PageIndex (Vectorless RAG): 98.7% on FinanceBench. GPT-4o Search: 31%.

The replies were mostly the same shape. "The end of chunking." "Vector RAG is over." "Why are we still embedding documents?" A senior research engineer at a hedge fund told us he had four people on his team forwarding the screenshot to him by Wednesday morning. Each had reached the same conclusion. Each was about to run the wrong experiment.

The number is real. The framework is real. The architecture is genuinely new — a reasoning-based retrieval over hierarchical document structure, with no embeddings, no chunking, and no vector database. The GitHub repo has crossed twenty-three thousand stars. The paper is on arXiv. The company behind it, VectifyAI, has published a reproducible evaluation harness. The number is also incomplete in a way that matters if you are paying for the infrastructure.

This piece takes the claim apart on engineering terms. What PageIndex actually does. What the 98.7 per cent includes and excludes. What the marketing leaves out — latency, cost shape, document-class fit, the failure mode at scale. And the hybrid architecture that the honest independent reviewers keep landing on, which is what any team running production retrieval against a real corpus will end up building.

Key takeaways

  • PageIndex segments documents along natural section boundaries and builds a tree; retrieval is an LLM walking the tree node by node. No embeddings, no chunking, no vector store — genuinely a different architecture, not a wrapper.
  • The 98.7% FinanceBench score is real and narrowly defined: single-document QA over SEC filings (a highly structured class).
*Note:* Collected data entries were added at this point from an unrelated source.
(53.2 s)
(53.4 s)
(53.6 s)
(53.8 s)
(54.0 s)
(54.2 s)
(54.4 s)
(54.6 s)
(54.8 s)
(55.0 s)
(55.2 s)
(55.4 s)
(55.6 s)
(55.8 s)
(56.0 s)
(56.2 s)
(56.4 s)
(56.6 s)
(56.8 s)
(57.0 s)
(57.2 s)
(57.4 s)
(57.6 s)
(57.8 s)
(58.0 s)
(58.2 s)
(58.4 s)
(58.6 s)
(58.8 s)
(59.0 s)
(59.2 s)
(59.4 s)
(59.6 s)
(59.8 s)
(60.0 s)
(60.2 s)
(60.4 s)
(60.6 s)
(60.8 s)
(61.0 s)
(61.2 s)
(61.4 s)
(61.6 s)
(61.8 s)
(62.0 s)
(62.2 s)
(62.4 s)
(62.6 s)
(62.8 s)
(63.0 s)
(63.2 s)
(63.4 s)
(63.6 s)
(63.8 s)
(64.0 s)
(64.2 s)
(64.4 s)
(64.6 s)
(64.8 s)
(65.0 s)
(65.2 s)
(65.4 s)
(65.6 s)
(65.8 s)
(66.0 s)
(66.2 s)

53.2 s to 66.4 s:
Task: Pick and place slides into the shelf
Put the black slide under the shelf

Vector RAG scores ~50% and GPT-4o Search scores 31% on the same benchmark.
  • The marketing leaves out three trade-offs: 2-5 seconds of latency per query (versus milliseconds for vector search), higher per-query cost (every retrieval step is an LLM call), and no graceful path to corpus-scale retrieval across thousands of documents.
  • Tree-based retrieval dominates SEC filings, legal contracts, academic and technical manuals, and audit-defensible single-document workflows. Vector RAG remains right for corpus discovery, latency-sensitive applications, cost-sensitive high-volume workloads, and heterogeneous content.
  • The production architecture is not vector versus tree — it is vector into tree. Vector for corpus discovery, tree for within-document precision, intent classifier routing between them, audit trail recording both paths.
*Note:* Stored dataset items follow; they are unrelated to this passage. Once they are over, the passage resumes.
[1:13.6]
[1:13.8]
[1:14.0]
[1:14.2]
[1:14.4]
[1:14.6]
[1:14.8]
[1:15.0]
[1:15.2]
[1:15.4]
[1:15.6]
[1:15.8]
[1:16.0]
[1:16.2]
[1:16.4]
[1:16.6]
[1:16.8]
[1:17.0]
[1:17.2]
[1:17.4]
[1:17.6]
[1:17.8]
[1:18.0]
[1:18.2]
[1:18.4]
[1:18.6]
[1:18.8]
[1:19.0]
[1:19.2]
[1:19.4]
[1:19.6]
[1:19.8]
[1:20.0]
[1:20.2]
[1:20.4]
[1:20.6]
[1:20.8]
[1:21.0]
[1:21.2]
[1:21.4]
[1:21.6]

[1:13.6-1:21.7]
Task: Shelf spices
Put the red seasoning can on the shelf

How an analyst opens a 10-K

The architecture is two phases.

The indexing phase parses a PDF or Markdown document. Rather than chunking it into arbitrary 1,000-character spans, segment it along natural section boundaries — the table of contents, headings, page ranges. Build a tree where each node is a section, holding { title, id, page range, short summary }. No embeddings get computed. No vector store gets touched.

The retrieval phase, when a query arrives, sends an LLM to walk the tree. It reads the root summary, decides which child to descend into, repeats at the next level, and stops when it has the leaf node containing the answer. The "search" is sequential reasoning across the document's actual structure, not similarity over embedded chunks.
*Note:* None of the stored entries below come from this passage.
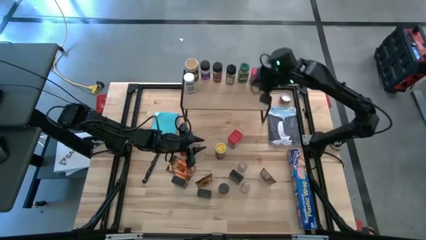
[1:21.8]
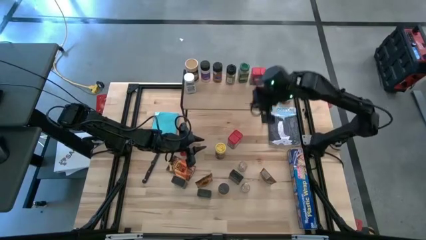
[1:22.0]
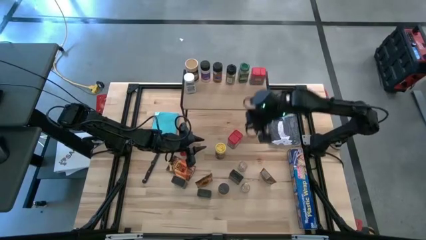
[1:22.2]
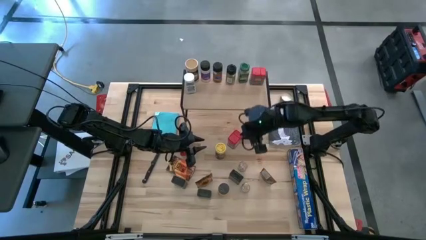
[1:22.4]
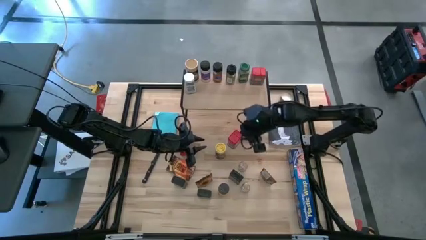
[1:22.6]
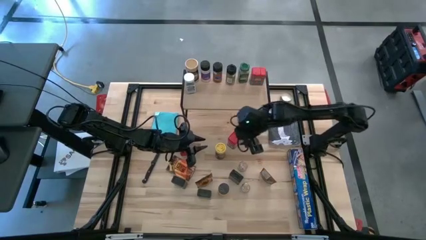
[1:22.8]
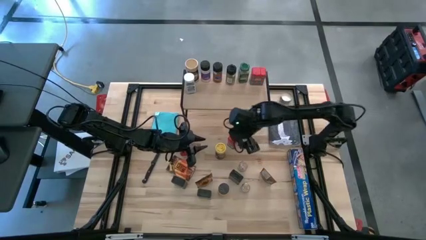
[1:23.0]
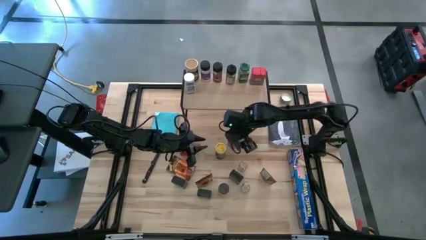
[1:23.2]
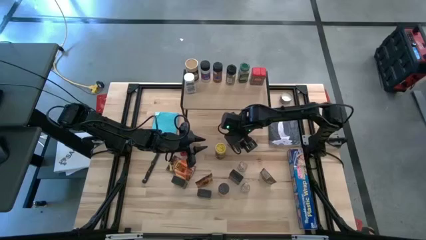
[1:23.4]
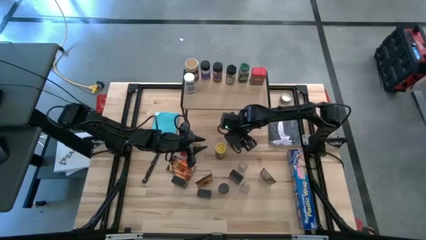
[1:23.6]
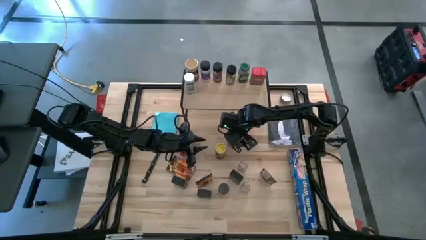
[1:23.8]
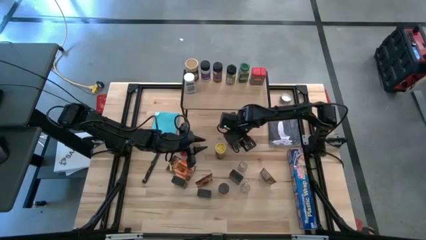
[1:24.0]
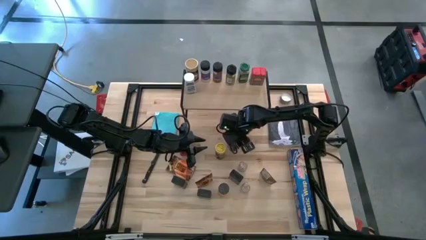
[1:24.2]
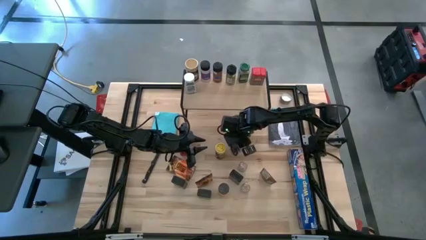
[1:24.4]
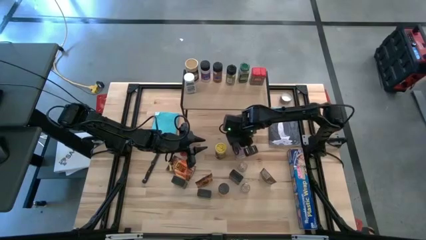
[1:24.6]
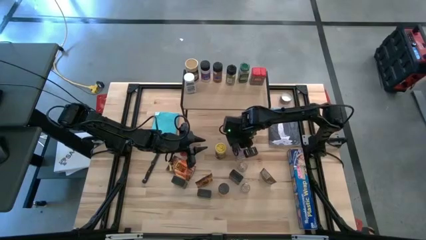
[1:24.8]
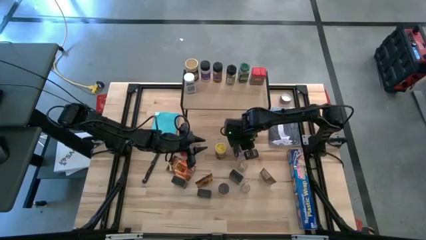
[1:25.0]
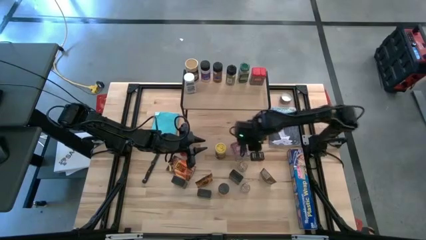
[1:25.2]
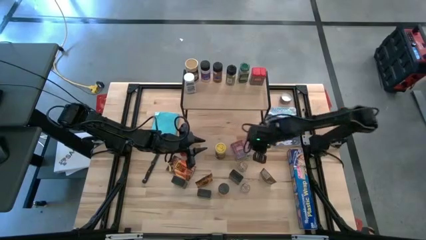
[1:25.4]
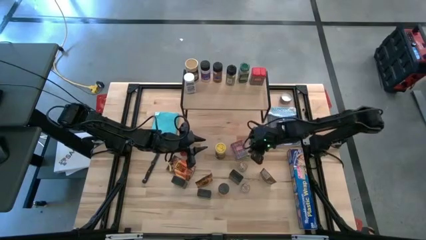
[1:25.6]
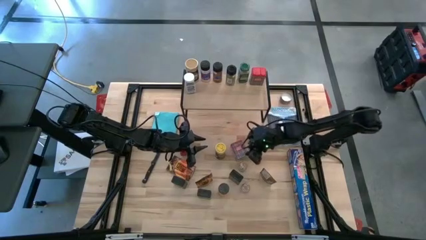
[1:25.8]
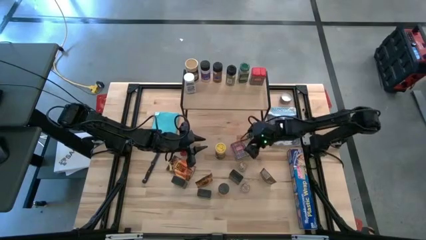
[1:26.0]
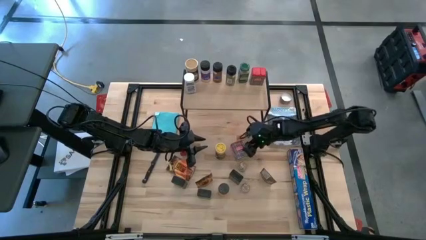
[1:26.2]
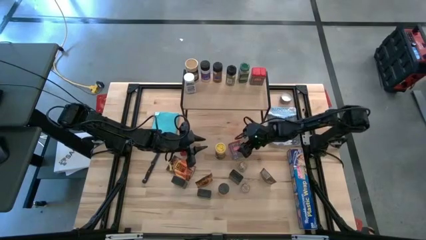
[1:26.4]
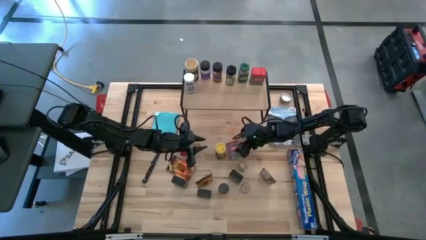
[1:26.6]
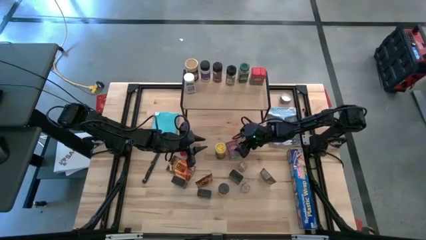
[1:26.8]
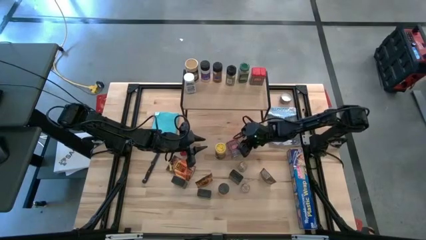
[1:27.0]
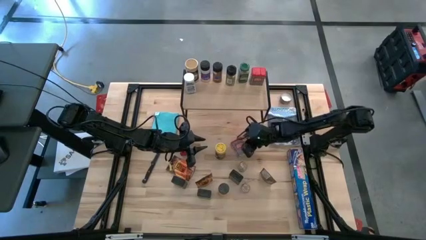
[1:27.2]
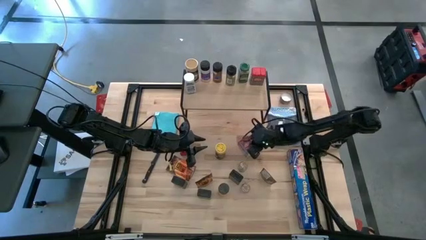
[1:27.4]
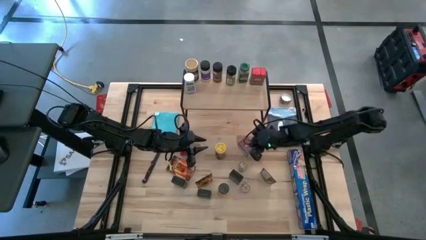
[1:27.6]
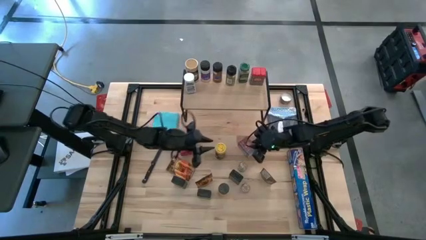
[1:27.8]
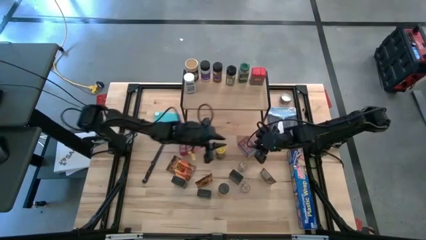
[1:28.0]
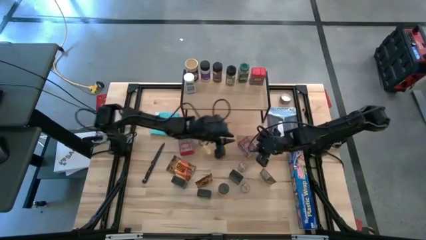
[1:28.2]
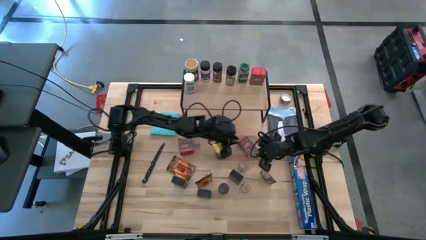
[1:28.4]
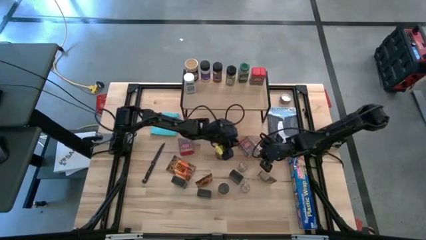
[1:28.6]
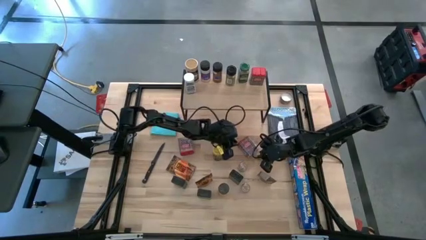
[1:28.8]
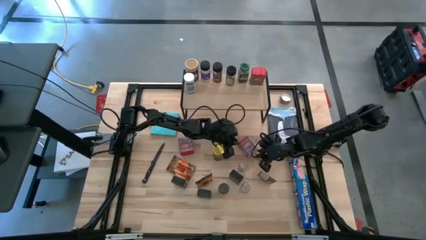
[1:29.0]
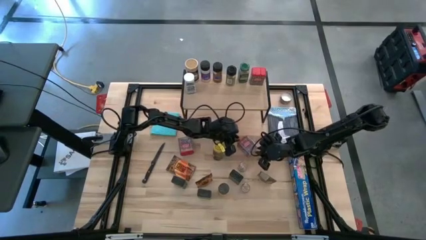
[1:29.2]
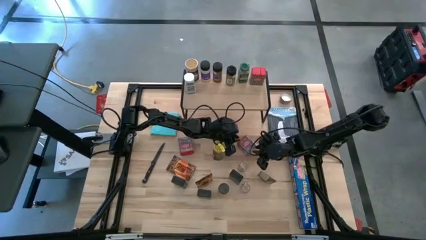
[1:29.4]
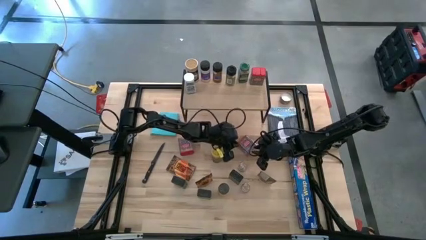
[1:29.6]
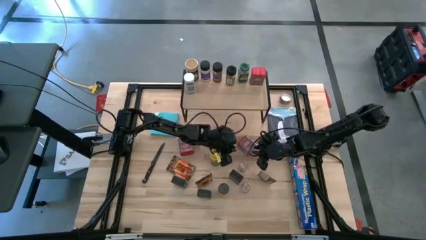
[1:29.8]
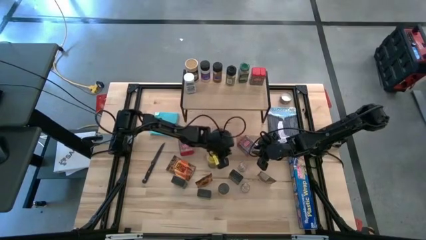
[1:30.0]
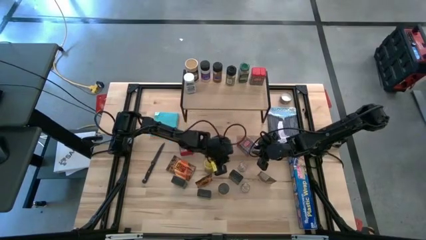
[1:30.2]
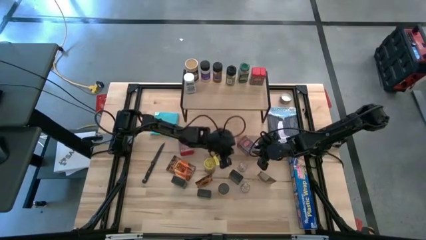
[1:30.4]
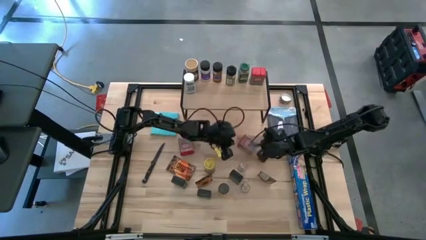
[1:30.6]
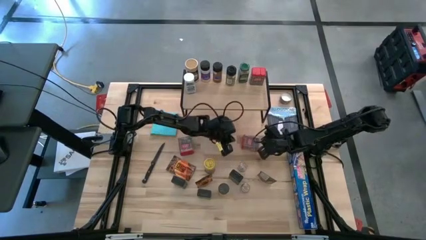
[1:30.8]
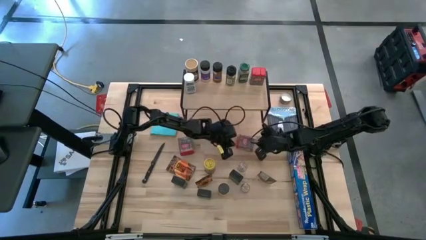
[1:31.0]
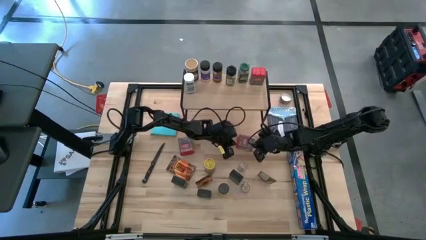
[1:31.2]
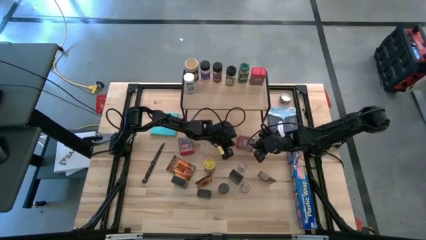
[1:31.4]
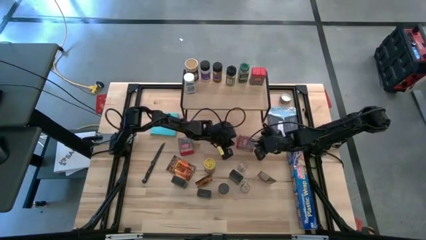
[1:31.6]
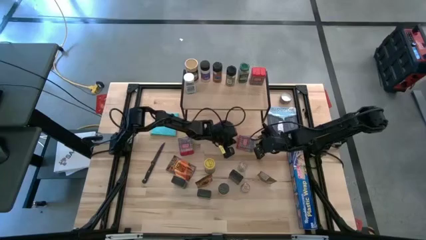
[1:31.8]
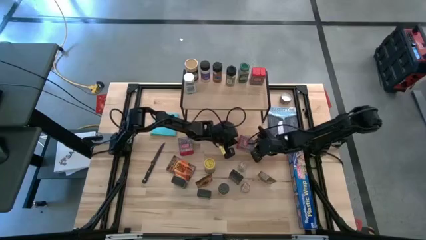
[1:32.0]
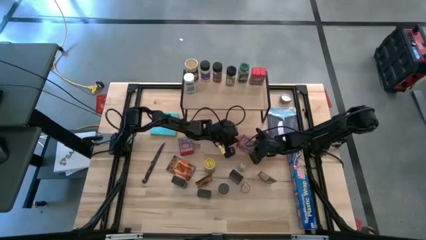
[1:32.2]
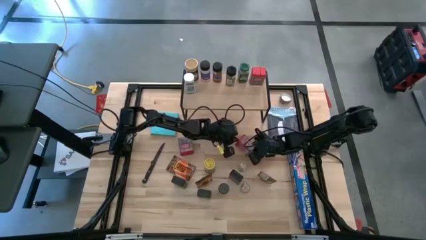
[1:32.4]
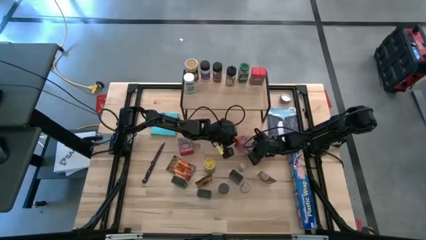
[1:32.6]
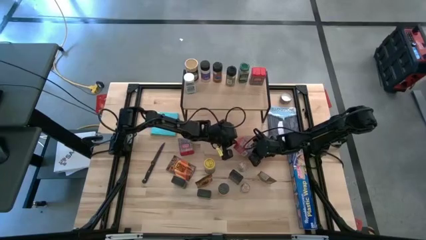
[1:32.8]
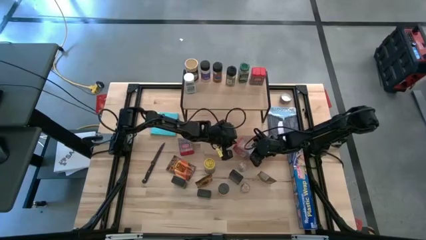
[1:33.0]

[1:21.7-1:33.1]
Put the red seasoning can on the shelf aligned with the other red seasoning can

This is the way a financial analyst opens a 10-K filing. You do not memorise every paragraph of the document. You look at the table of contents, jump to the section that looks right, scan its headers, jump to the page that has the number. PageIndex is automating that exact behaviour with an LLM as the navigator. It is the difference between a librarian who walks you to the right shelf and one who tries to remember every page of every book on every shelf.

It is genuinely a different architecture, not a wrapper over vector search.

The 98.7 per cent is real — and narrowly defined

The benchmark is FinanceBench: a standard test of open-book question-answering over SEC filings — 10-K, 10-Q, 8-K. The evaluation runs the system over a curated set of financial questions, each with a known correct answer and the exact page it should have come from.

VectifyAI's evaluation harness is public (VectifyAI/Mafin2.5-FinanceBench). The 98.7 per cent is reproducible. Traditional vector RAG on the same benchmark scores around 50 per cent. GPT-4o with web search scores 31 per cent.

Three things to hold steady about that number before extrapolating from it.

The benchmark is single-document question answering. Each query is paired with a specific filing and the system answers from that filing. There is no corpus retrieval — no "find the right document among 50,000 contracts" — only "find the right page inside this one document."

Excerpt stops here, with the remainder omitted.